On the world stage in real estate, a very strong last quarter of 2010 indicated global direct investment in real estate increased once again over the 2009 margin. 2010 saw over $316 billion invested, and increase of 50 percent over the year before. Experts suggest these numbers reflect a significant recovery across several key regions, and another 25 percent increase may be indicated for 2011.
According to a report (PDF) by global property advisors Jones Lang LaSalle, Europe, the Middle East, and Africa recorded the highest overall volume in FDI of over $136 billion. Furthermore, Europe's largest markets of the UK, Germany, and France made up about half that region's volumes, but indicators show too that investors seem primed to reach out into other regions in Europe as well now. One reason for this is the limited entry for core real estate products in Europe's traditional sectors - this is pushing in vestment monies farther East and South.
Arthur de Haast, Head of the firm’s International Capital Group had this to say about the prospects for this year:
"Barring further sovereign debt crises or financial shocks, the momentum of 2010 is expected to continue over the next 12 months and we predict global volumes for 2011 should increase by 20 to 25%."
As an indication of the firm's reach, and to spotlight regions where drastically increasing FDI may occur, this report (PDF) on Warsaw, Poland reveals the depth of the recovery there. The chart below illustrates the 50 percent rise in investment over the last year too. Price increases for properties, along with other factors, appear to this writer to offset the negatives of budget imbalances in Poland.
Still more research shows clearly that some of the Eastern European countries have substantial growth since 2009. Turkey is maybe the best example of the a market where those placing their investment dollars seem likely to do so. The Euro zone of Turkey in particular has seen good GDP and other numbers across the spectrum from office space rental to consumer confidence, and in particular household spending.
Clearly Turkish citizens are showing far greater confidence in their own situation and the economy as a whole. The chart below shows the steady rise in GDP since the worldwide economic calamity hit. What's more, Turkey's budget deficit numbers go down in direct correlation to the positive rise elsewhere.

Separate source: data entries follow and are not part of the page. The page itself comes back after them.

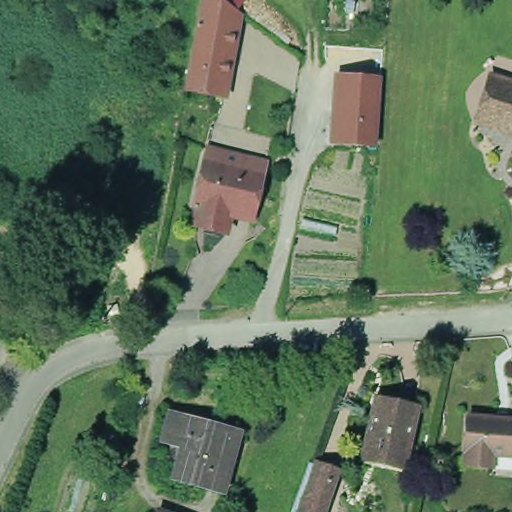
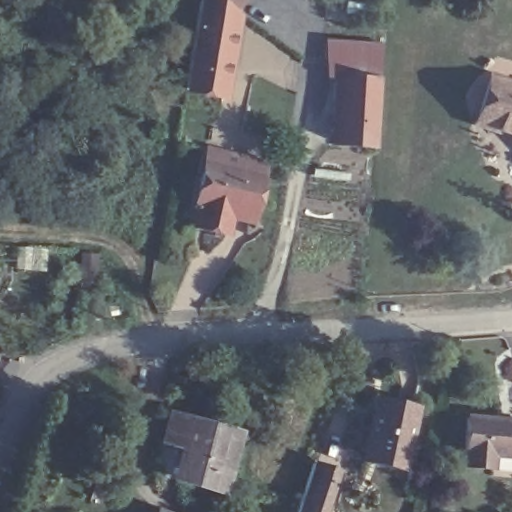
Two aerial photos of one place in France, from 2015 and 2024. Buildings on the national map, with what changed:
unchanged [(223,97),(186,91),(203,0),(218,0),(238,14),(223,97)]
new [(218,0),(245,0),(236,13),(218,0)]
new [(383,43),(380,77),(378,78),(326,78),(323,39),(383,43)]
unchanged [(326,78),(378,78),(374,150),(324,146),(326,78)]
unchanged [(509,140),(506,143),(475,133),(471,131),(486,87),(493,90),(512,96),(512,144),(509,140)]
unchanged [(191,209),(194,198),(190,197),(203,150),(205,141),(228,146),(259,155),(257,164),(245,211),(224,206),(221,217),(219,222),(189,214),(191,209)]
unchanged [(367,454),(368,449),(376,410),(379,397),(384,398),(419,405),(409,452),(406,464),(367,454)]
unchanged [(243,435),(227,490),(181,477),(191,445),(171,439),(177,416),(243,435)]
unchanged [(468,466),(468,461),(471,418),(512,420),(512,456),(498,455),(497,463),(497,468),(468,466)]
unchanged [(341,465),(324,512),(295,512),(313,458),(341,465)]
unchanged [(183,512),(154,512),(157,503),(183,512)]

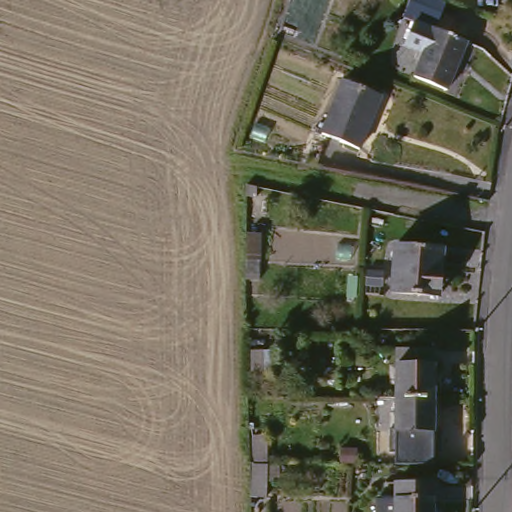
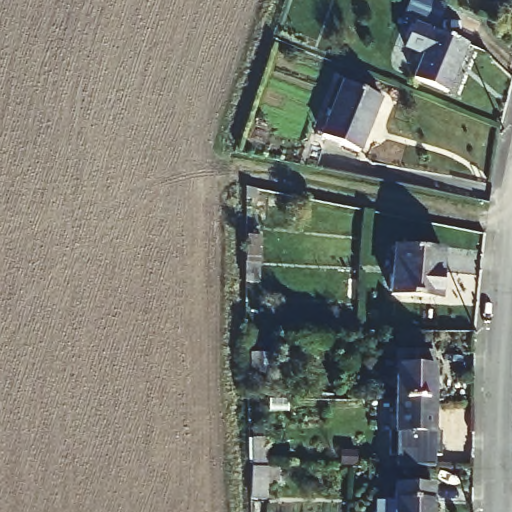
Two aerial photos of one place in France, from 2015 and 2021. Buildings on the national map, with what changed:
unchanged [(439,26),(421,19),(420,23),(402,16),(408,0),(440,0),(446,2),(440,25),(439,26)]
unchanged [(454,85),(421,73),(431,49),(412,42),(421,19),(439,26),(440,25),(473,37),(454,85)]
unchanged [(359,142),(324,129),(344,76),(379,89),(359,142)]
unchanged [(256,234),(243,233),(244,210),(257,211),(256,234)]
unchanged [(391,291),(392,246),(439,248),(437,293),(391,291)]
unchanged [(400,346),(437,347),(438,395),(400,395),(400,346)]
unchanged [(438,395),(438,443),(401,443),(400,395),(438,395)]
unchanged [(247,510),(247,478),(246,451),(261,451),(261,478),(262,510),(247,510)]
unchanged [(375,498),(395,499),(395,481),(432,482),(432,512),(374,512),(375,498)]

While news in the United States still hovers like a harbinger over the real estate industry, it is evident other regions have somehow emerged on a clear path toward not only solvency, but in some cases record breaking growth. As investment monies are freed up, entire economies can benefit from an influx of investment.
Jobs are created, public confidence is reinstalled, and an overall atmosphere of "building" replaces the trough of uncertainty some countries are still locked into. It seems sound advice for citizens and investors to watch these emerging regions for clues as to opportunity and ways out of this economic debacle. Maybe it's time to look to the East?